Contents 1 Peano's Axioms 2 Representing Peano numbers as data structures 3 Arithmetic 3.1 Addition 3.2 Subtraction 3.3 Relations 3.4 Multiplication 3.5 Division

[edit] Peano's Axioms

Peano's axiomatization of the non-negative numbers can be represented as follows.

1. Zero is a number.
2. If X is a number, the successor of X is a number.
3. Zero is not the successor of a number.
4. Two numbers of which the successors are equal are themselves equal.
5. (Induction axiom.) If a set S of numbers contains zero and also the successor of every number in S, then every number is in S.

Sufficiently formalized these axioms define the terms zero, number, successor, and equal.

[edit] Representing Peano numbers as data structures

We can represent the Peano numbers as follows.

1. Zero is 0.
2. The successor of X is s(X). That is s(0) is

       s
       |
       0

Example:

2 is s(s(0))
3 is s(s(s(0))

In general, to find the numeric representation of a Peano number count the number of s symbols. Here's a prolog program to do that.

peano_to_number(0, 0) :- !.
peano_to_number(s(X), Y) :- !, peano_to_number(X, Z), Y is Z+1.

?- peano_to_number(s(s(s(0))), X).

X = 3

Note the use of the cut (!). Always put a cut in a clause as soon as you know that the clause applies.

• The first clause applies if both arguments are 0. So the body is nothing but the cut. (Note that you still need a period (.) after the cut symbol.
• The second clause applies as soon as we see that the first argument is of the form s(X). (Those are the only two possibilities for the first argument.) So the first thing in the body is a cut.

Homework. Write a prolog program to translate from numbers to Peano numbers. Again, there are only two possibilities for the first argument. It can be either 0 or a positive number. So the two clauses will look something like this.

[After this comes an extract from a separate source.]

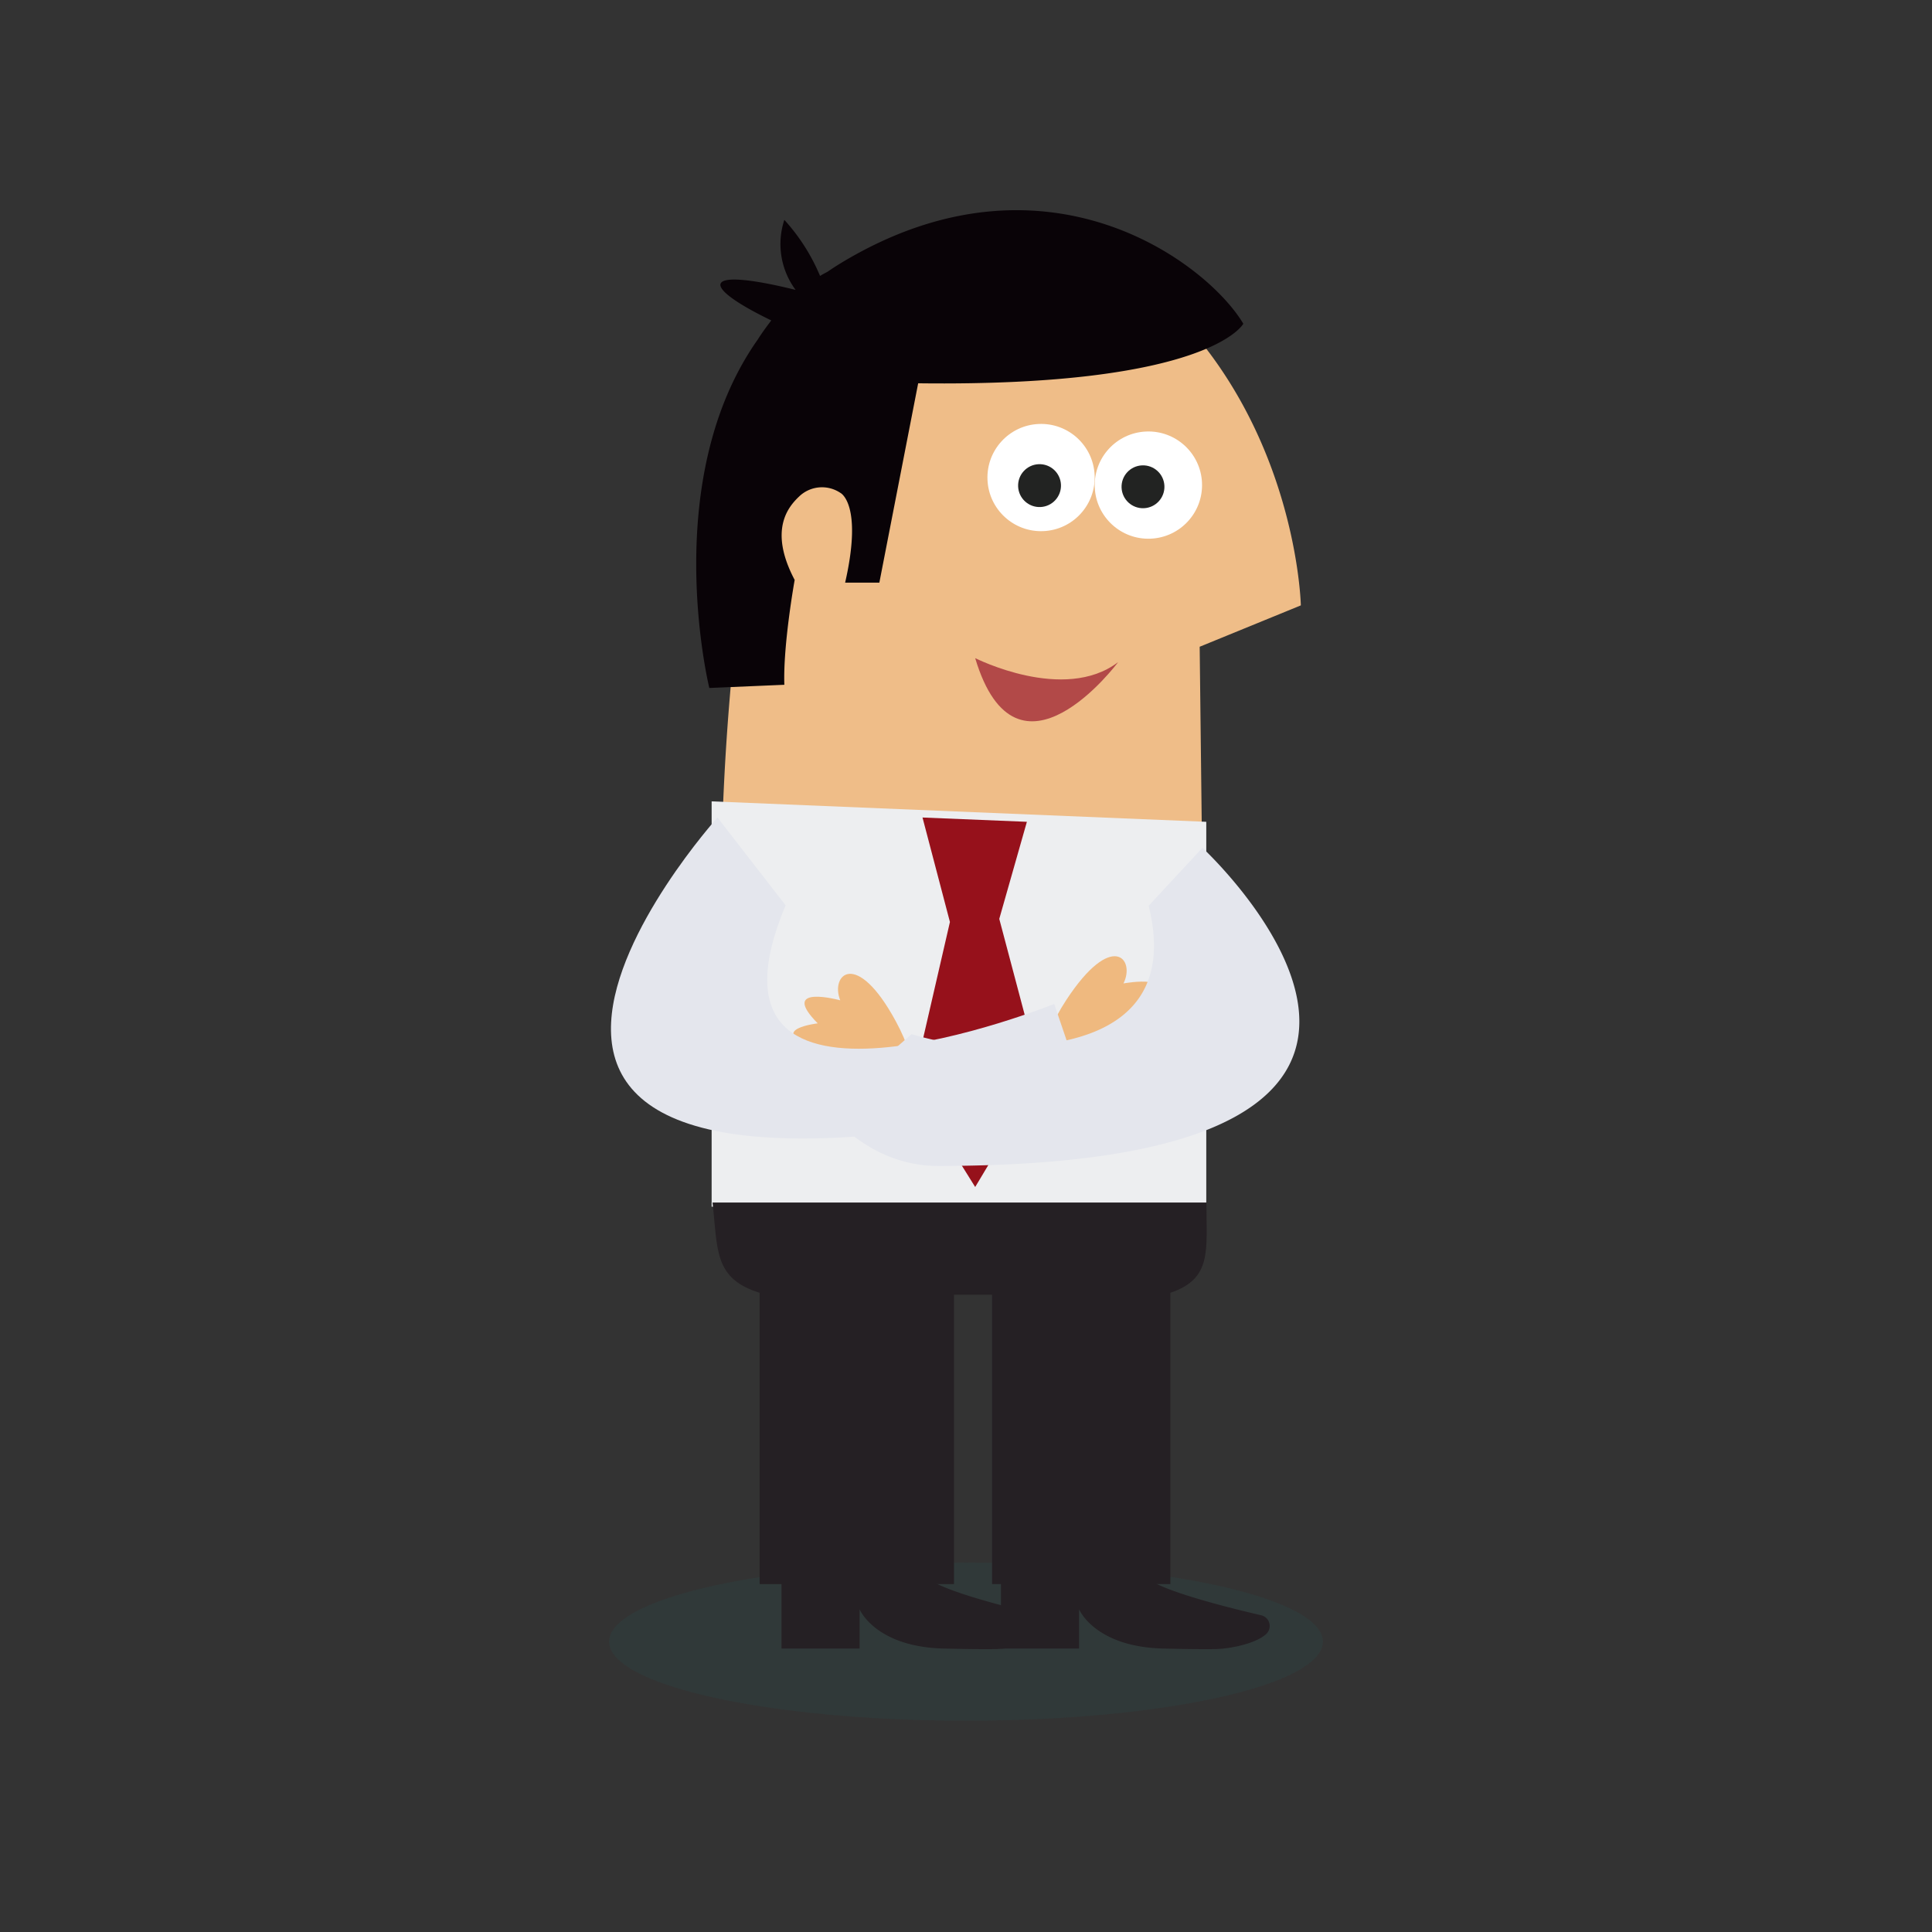 <svg id="Capa_1" data-name="Capa 1" xmlns="http://www.w3.org/2000/svg" viewBox="0 0 410 410"><rect x="0" y="0" width="410" height="410" fill="#333333" stroke="none"/><title>p3h1</title><ellipse cx="205" cy="348.38" rx="75.75" ry="16.79" fill="#167e82" opacity="0.08"/><path d="M255.08,179.47l-.49-42.22,21.47-8.78s-.68-32.89-24-59.24-81.24-21-89.6,23.22a536.11,536.11,0,0,0-9.07,79.82Z" fill="#efbd88"/><path d="M237.28,140.52s-21.44,28.8-30.33-.85C207,139.67,225.79,149.24,237.28,140.52Z" fill="#b24948"/><ellipse cx="243.7" cy="102.95" rx="11.39" ry="11.38" transform="translate(-4.19 10.55) rotate(-2.46)" fill="#fff"/><circle cx="242.56" cy="103.31" r="4.55" transform="translate(-4.21 10.5) rotate(-2.46)" fill="#222322"/><circle cx="220.94" cy="101.33" r="11.38" transform="translate(-4.14 9.55) rotate(-2.45)" fill="#fff"/><circle cx="220.61" cy="103.04" r="4.55" transform="translate(-4.19 9.5) rotate(-2.44)" fill="#222322"/><path d="M180.65,54.54c-1.76,1-3.4,2-5,3.11-.54.29-1.09.57-1.62.91a41.43,41.43,0,0,0-7.58-11.9,16.32,16.32,0,0,0,2.39,14.86c-20-4.94-20.61-1-5.16,6.48-1,1.31-2,2.67-2.87,4.05C139.69,102,150.53,146,150.53,146l15.92-.68c-.29-8.5,2.19-22.25,2.19-22.25-5.65-10.7-1.24-15.62.93-17.69a7,7,0,0,1,8.78-.78s4.81,2.34,1,19.05h7.26l8.24-42.31c61.95.78,69-12.64,69-12.64C256.31,56,222.93,30.52,180.65,54.54Z" fill="#090307"/><polygon points="151.02 170.06 255.99 174.4 255.99 256.08 151.02 256.08 151.02 170.06" fill="#edeef0"/><polygon points="195.77 173.49 217.92 174.4 212.06 195 220.94 228.51 206.95 251.9 193.57 230.46 201.59 195.66 195.77 173.49" fill="#96111b"/><path d="M165.85,341.52v8.33h16.57v-8.33s3.31,8,17.95,8.33c4.6.09,5.89.14,10.48.12,3.64,0,9.18-1.22,11.3-3.24a2.33,2.33,0,0,0-1.13-3.95c-7.67-1.78-24-5.89-24.69-8.68H165.85Z" fill="#252024"/><path d="M212.42,341.52v8.33H229v-8.33s3.31,8,17.95,8.33c4.6.09,5.89.14,10.49.12,3.64,0,9.18-1.22,11.3-3.24a2.33,2.33,0,0,0-1.13-3.95c-7.67-1.78-24-5.89-24.69-8.68H212.42Z" fill="#252024"/><path d="M151.21,255.19c1.13,10.06.26,16.15,10,19.16v61.82h41.24v-61.4h8.08v61.39h37.84V274.35c8.91-3,7.65-9,7.65-19.16Z" fill="#252024"/><path d="M238.42,208.7s13.43-2.51,4.36,5.27c0,0,10.34,2.09,1.23,5,0,0,10.92,2.79-.64,6.17,0,0,9.2,4.19-2,6s-27.36-.18-15.08-18.94C236,197.4,241,203.52,238.42,208.7Z" fill="#efb97f"/><path d="M178.31,212.28s-13.18-3.61-4.78,4.89c0,0-10.48,1.23-1.63,4.84,0,0-11.11,1.88.13,6.2,0,0-9.52,3.41,1.46,6.11s27.29,2.08,16.59-17.63C181.69,201.22,176.14,206.9,178.31,212.28Z" fill="#efb97f"/><path d="M152.26,173.49s-86.34,95.89,78.46,60.13l-7-20.57s-79.11,31.81-57-20.93Z" fill="#e4e6ed"/><path d="M255.18,179.92s73,67.51-56.11,67.51c-15.2,0-23.74-12.15-23.74-12.15l18.12-15.82a68.08,68.08,0,0,0,9.37,2.09c14.28,1.51,48.73,2.07,40.94-29.33Z" fill="#e4e6ed"/></svg>

number_to_peano(0, 0) :- !.
number_to_peano(X, s(Y)) :- number(X), X > 0, !, …

I've given you a hint. If X is > 0 then the Peano representation of it is s(Y), where Y is the Peano number for X-1.

?- number_to_peano(3, X).

X = s(s(s(0)))

What happens if the first argument is a negative number? Since there are no negative Peano numbers, it should fail.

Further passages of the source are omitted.